At a morning ceremony on the lawn of the National Palace,
President Jean-Bertrand Aristide vowed to a crowd of about
15,000 supporters to lift his nation out of the abject
poverty and despair prevailing a decade after a U.S.
invasion restored him to power.

Three hours later, throngs of government opponents crashed
through police roadblocks in a march that quickly escalated
into a melee. Police dispersed one group of about 5,000 by
firing into the crowd, wounding six people and angering
participants in what had begun as a peaceful protest.

Throughout the afternoon, the anti-Aristide crowd swelled
to about 20,000, setting fire to piles of tires, choking
the crumbling streets with thick black smoke and pelting
police with rocks and bottles.

Bursts of police gunfire and screaming sirens put an abrupt
end to the air of celebration that had prevailed earlier.

Most of the unrest played out in the capital as Aristide
flew to the volatile city of Gonaives to deliver a speech
at the site of Haiti's Jan. 1, 1804, proclamation of
independence.

Repeatedly delayed by reports of unrest in the city, the
visit was curtailed after gunshots rang out from among
crowds of demonstrators. State-controlled television failed
to carry the address, instead repeating footage from a
music and dance performance the previous evening.

Throughout the capital, billboards and banners cast
Aristide as the historical equal of Haiti's father of
independence, slave-revolt leader Toussaint Louverture.
"Two men, two centuries, the same vision," read a huge
placard with the president's beaming countenance on one
side and a drawing of Louverture on the other.

Aristide's government spent $15 million on the celebration,
including 200 place settings of china commemorating the
anniversary.
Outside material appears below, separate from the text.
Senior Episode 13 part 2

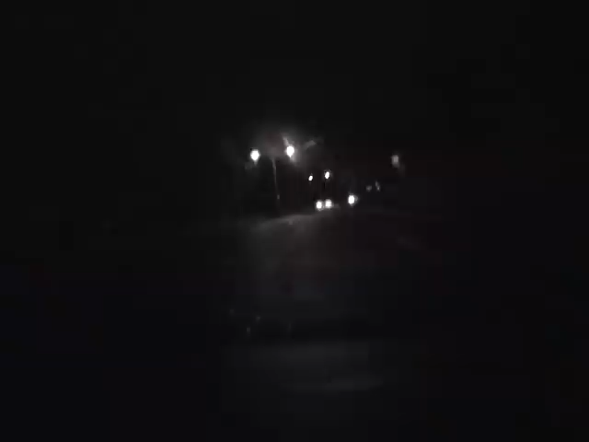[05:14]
somebody outside walking on the sidewalk. Over here.
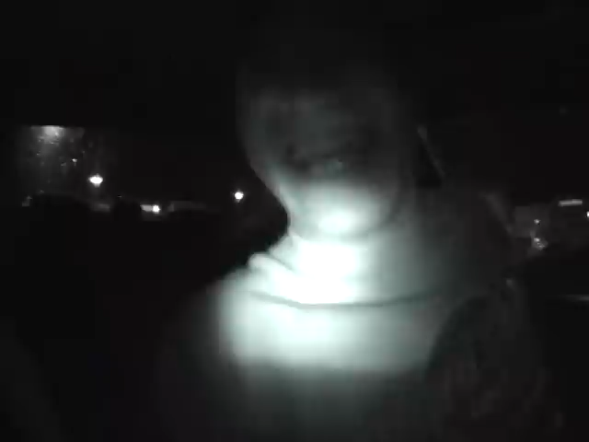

But neither the paving of the road to Gonaives
nor the Monument 2004 construction on the palace lawn were
completed in time for the ceremonies.

The mounting unrest and marred celebrations highlighted the
deep divide running through this poorest country of the
Western Hemisphere. Lawyers and jurists have refused to
operate courts in protest of government interference.
Students and teachers have been boycotting classes for
weeks.

Malnutrition afflicts two-thirds of the population, 80
percent are unemployed, and life expectancy has fallen to a
hemispheric low of 49 years. On Monday, the national
parliament will cease to function because deputies'
mandates expire then and the government and rival political
forces have failed to organize new elections.

"Look at this city! There is no work. There is no food. The
people are starving. The streets are filthy and stinking.
This is not my country!" fumed Franz Gilbert, a 54-year-old
mechanic taking part in the march with his wife and adult
children.

The show of solidarity against Aristide drew students,
homemakers, professional people and artists as well as the
moneyed elite and disenfranchised who have long made up the
polarized opposition.

The protest, expected to replay itself today, appeared to
be the largest outpouring of frustration in years.

"This is the first time I see all kinds of Haitians taking
part: the rich, the poor, the black, the light-skinned. We
need a change in this country," said Maria, a 24-year-old
computer programmer who feared giving more than her first
name. Like others who skipped the palace pageantry, she
said she saw nothing to celebrate. "We do not have real
liberty. In many ways we are still slaves."